In our society we equate value with money, and given the greater value managers can add, pay managers more. We also expect more return from more money, so we expect increased responsibility and accountability from said managers. But here we reach the crux of problem: to support skilled staff it is important to empower them with responsibility, so how can the manager be held accountable whilst giving away the responsibility? To readers who (like myself) have been managers this is the “no kidding” moment, so I would ask the question, how have you tried to change that? This is a systemic problem and as far as I can tell our approach has been grudging acceptance of the status-quo.

How strong is that responsibility?

Good managers empower people, and people make mistakes, and it is unfair to hold the manager responsible for those mistakes, otherwise everyone would be too afraid to make mistakes and we’d destroy effectiveness and any hope of innovation. We also read in the media stories of obfuscating CEOs who (quite reasonably) admit they couldn’t have known that X was happening in their organization and so (will make some knee-jerk changed to resolve it, and) can’t really be held responsible.

By highlighting that they’re ‘not really that responsible’ the premise that with increased value comes increased responsibility has been completely undermined. Now this isn’t the only reason managers are paid more: The other commonly held notion is that managers add more value because their decisions have greater (financial) consequences. This I dispute largely because those decisions are never made in a vacuum, and there are a lot of advisors and analysts that effectively determine the decisions in the first place, with the executive being closer to a rubber stamp than a judge. But that would be a digression from the point of this post, which is to focus on the consequences of ‘having responsibility’.

Micromanagement

Responsibility encourages micromanagement. When your head is on the line then your instinct is to get as involved as possible to ensure the outcome you want. There are plenty of good managers out there who manage to overcome this instinct, but the system is very much setup to encourage micromanagement, and that destroys empowerment.

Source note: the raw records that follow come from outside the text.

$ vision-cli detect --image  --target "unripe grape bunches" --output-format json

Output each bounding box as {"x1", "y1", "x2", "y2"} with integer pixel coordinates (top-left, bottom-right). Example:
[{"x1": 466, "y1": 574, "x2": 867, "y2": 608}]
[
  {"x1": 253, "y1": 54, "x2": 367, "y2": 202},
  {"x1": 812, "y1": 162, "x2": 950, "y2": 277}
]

Under micromanagement, instead of having a team who are comfortable to pursue their own direction to achieve the goals, you’ve now got a sort-of team member (the manager) with a much more limited view of the details (after all, the higher up an organization you are the wider but shallower view you’re expected to have) who ironically requires more energy from the team-members to ‘manage’. This also makes the team feel less ownership for their work because accountability becomes blurred between the manager and the team. And instead of being measured by outcomes the team are judged on details; details that the manager is often not as qualified (as they think they are) to judge.

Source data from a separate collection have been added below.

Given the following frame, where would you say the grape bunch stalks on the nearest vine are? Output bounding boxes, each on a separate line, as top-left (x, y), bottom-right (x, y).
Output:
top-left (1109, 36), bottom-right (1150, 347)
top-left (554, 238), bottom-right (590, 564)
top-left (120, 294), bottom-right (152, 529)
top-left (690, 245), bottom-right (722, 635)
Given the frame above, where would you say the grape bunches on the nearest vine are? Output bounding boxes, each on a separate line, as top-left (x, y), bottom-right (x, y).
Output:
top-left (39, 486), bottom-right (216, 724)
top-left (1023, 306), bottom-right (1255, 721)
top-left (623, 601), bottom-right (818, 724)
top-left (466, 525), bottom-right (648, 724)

Micromanagers can also become the de-facto communication channel instead of the more effective approach of organizing teams to communicate with each other. This creates a knowledge and communication bottle-neck which is inefficient.

What does an effective manager do? They set a vision and goals, empower people to execute on them, provide cover so they can achieve their goals, resolve conflicts, and then put their feet up or have strategy off-sites or something like that. They should not be required to answer all the questions other people in the organization have – the team is the most capable to do that – but they can filter the questions to ensure the team can focus on the work.

But if your organization insists on you knowing everything because you are ‘responsible’ because you are expensive, then how can you be an effective manager?

Solution

So how do we fix this?

Essentially, be realistic with managers roles. If their roles are seen to be closer to text-book roles of planning, leadership, organization, and control rather than a know-it-all of everything in their fiefdom, then responsibility is going to fall closer to where it is held, with the executing team.

With this reduction in perceived responsibility and expectation there should be a reduction in compensation.

This will also improve empowerment among the teams which will give them a greater sense of ownership and satisfaction, meaning they’re less likely to turn-over.